[Problem description]: Among the records below, find each line containing the word "heavy" and copy it.

[Exercise inputs]:
=== Section Start ===
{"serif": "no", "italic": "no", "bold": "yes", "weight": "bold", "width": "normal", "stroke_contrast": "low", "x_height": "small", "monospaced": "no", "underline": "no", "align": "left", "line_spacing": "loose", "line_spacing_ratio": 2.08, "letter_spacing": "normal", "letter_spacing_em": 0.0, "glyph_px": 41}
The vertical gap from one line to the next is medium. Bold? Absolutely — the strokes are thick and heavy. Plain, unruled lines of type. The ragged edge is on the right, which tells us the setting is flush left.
=== Section End ===
=== Section Start ===
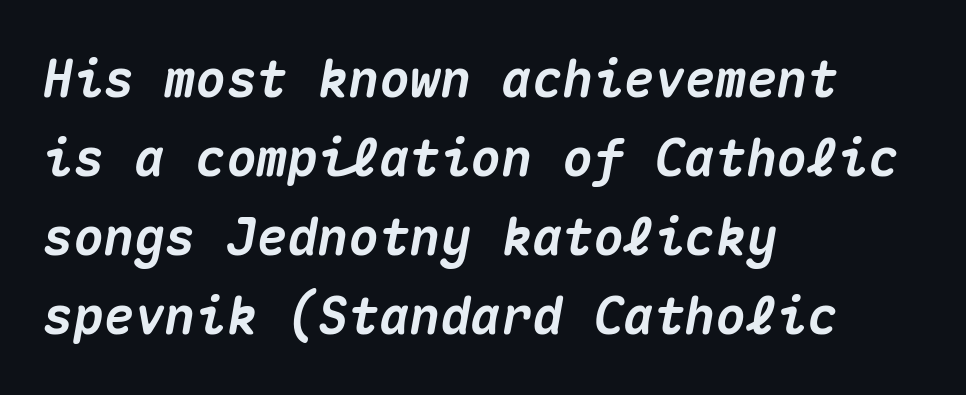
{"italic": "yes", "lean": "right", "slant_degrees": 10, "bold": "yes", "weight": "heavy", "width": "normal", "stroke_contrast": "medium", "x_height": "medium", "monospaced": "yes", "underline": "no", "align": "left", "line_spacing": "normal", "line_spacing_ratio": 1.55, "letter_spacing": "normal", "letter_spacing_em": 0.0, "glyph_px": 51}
=== Section End ===
[Result for this exercise]:
The vertical gap from one line to the next is medium. Bold? Absolutely — the strokes are thick and heavy. Plain, unruled lines of type. The ragged edge is on the right, which tells us the setting is flush left.
{"italic": "yes", "lean": "right", "slant_degrees": 10, "bold": "yes", "weight": "heavy", "width": "normal", "stroke_contrast": "medium", "x_height": "medium", "monospaced": "yes", "underline": "no", "align": "left", "line_spacing": "normal", "line_spacing_ratio": 1.55, "letter_spacing": "normal", "letter_spacing_em": 0.0, "glyph_px": 51}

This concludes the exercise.